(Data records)
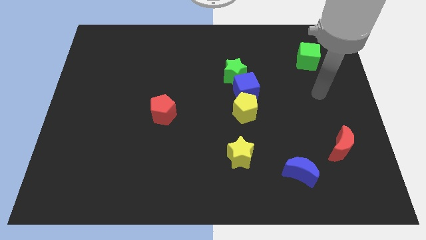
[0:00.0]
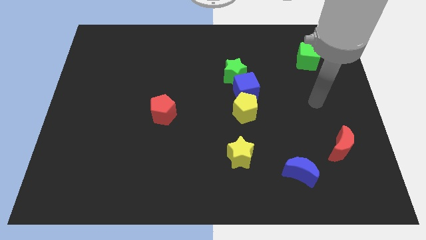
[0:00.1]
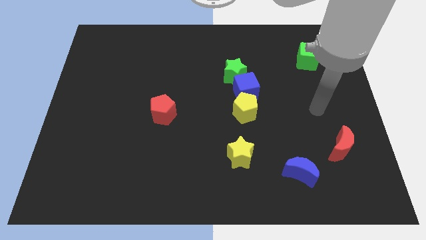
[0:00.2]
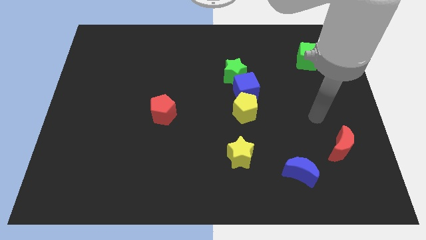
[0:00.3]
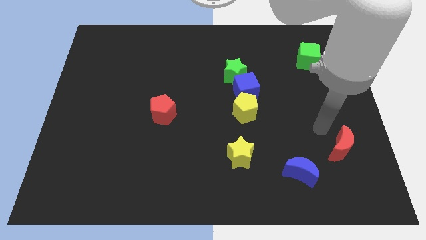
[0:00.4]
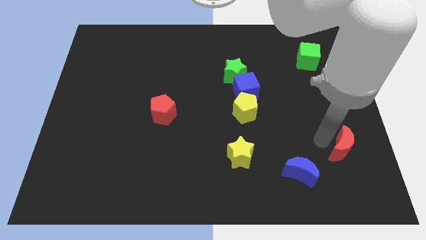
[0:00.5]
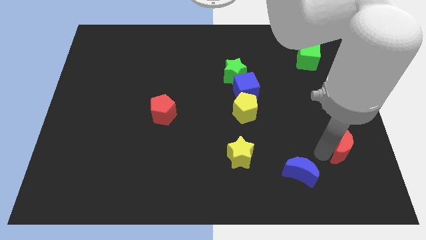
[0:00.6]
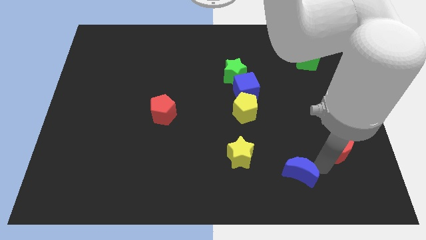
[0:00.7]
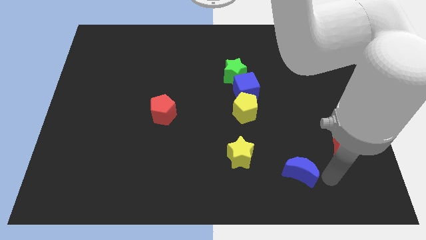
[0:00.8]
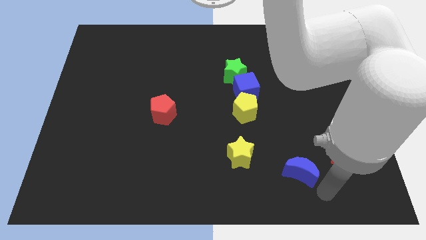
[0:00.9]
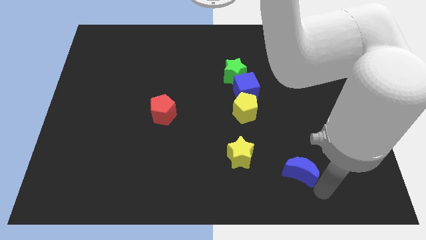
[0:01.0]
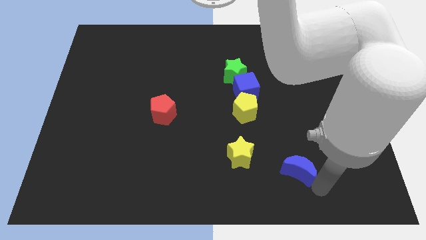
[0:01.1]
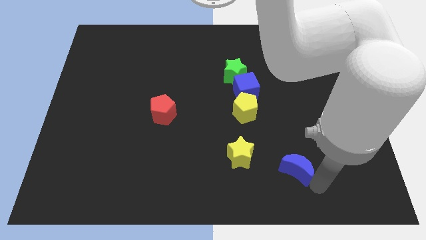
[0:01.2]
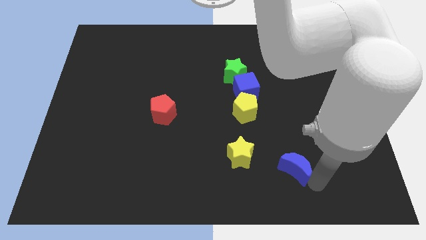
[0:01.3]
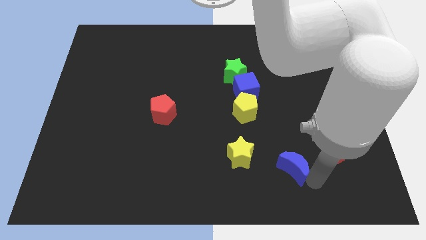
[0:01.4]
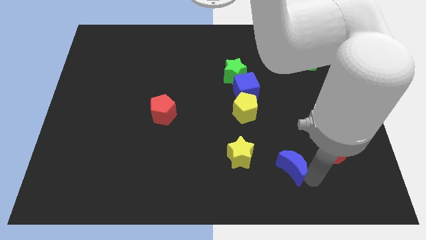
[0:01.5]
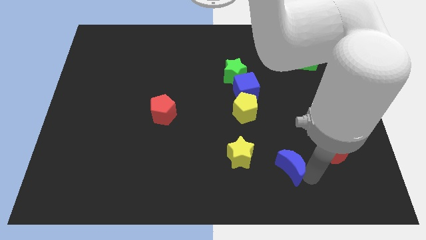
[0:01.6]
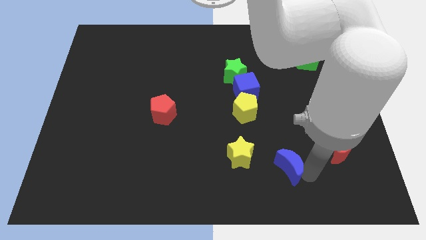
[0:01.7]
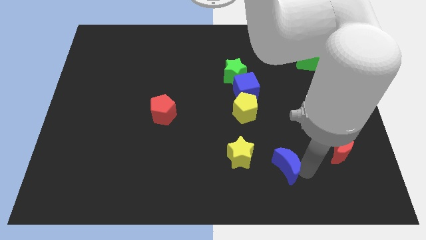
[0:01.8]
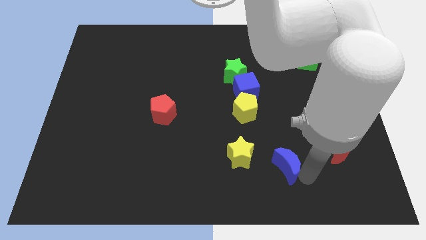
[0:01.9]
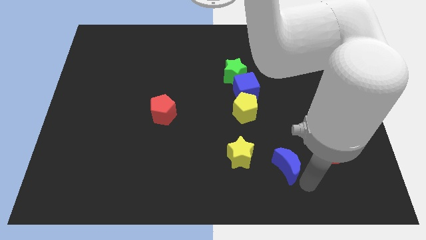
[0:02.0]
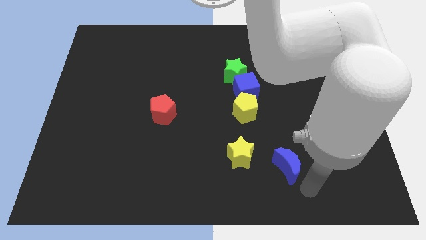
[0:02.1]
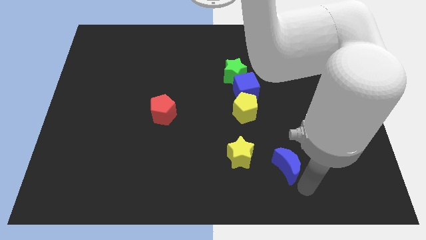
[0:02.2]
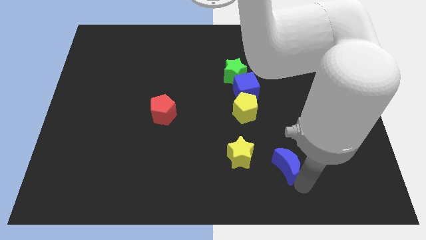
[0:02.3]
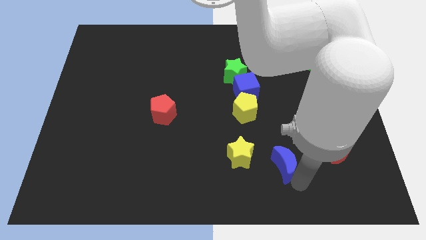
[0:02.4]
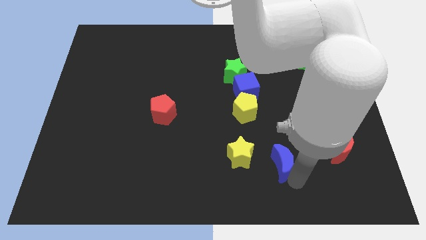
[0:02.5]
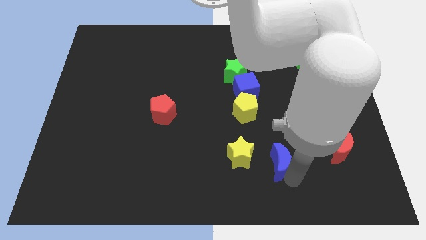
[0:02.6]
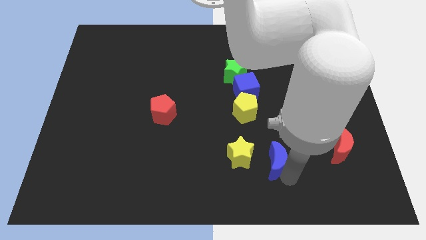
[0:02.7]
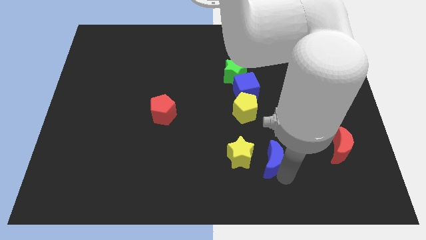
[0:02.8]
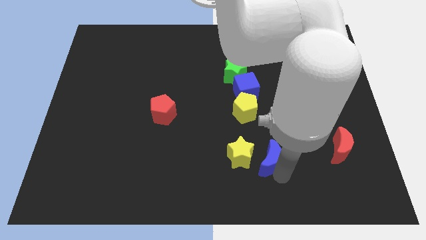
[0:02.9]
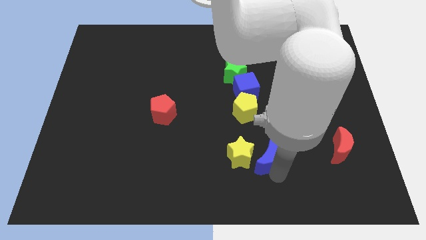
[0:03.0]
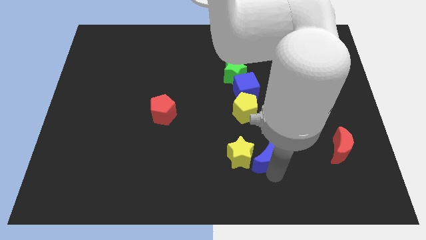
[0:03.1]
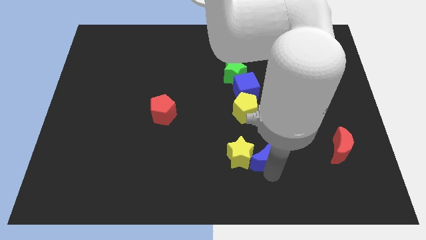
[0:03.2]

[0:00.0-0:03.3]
slide the blue moon somewhat up and left diagonally

**ABOUT THIS EXERCISE**
Repeat each line above exactly as it reads, omitting any pictures.

**WRITTEN SOLUTION**
[0:00.0]
[0:00.1]
[0:00.2]
[0:00.3]
[0:00.4]
[0:00.5]
[0:00.6]
[0:00.7]
[0:00.8]
[0:00.9]
[0:01.0]
[0:01.1]
[0:01.2]
[0:01.3]
[0:01.4]
[0:01.5]
[0:01.6]
[0:01.7]
[0:01.8]
[0:01.9]
[0:02.0]
[0:02.1]
[0:02.2]
[0:02.3]
[0:02.4]
[0:02.5]
[0:02.6]
[0:02.7]
[0:02.8]
[0:02.9]
[0:03.0]
[0:03.1]
[0:03.2]

[0:00.0-0:03.3]
slide the blue moon somewhat up and left diagonally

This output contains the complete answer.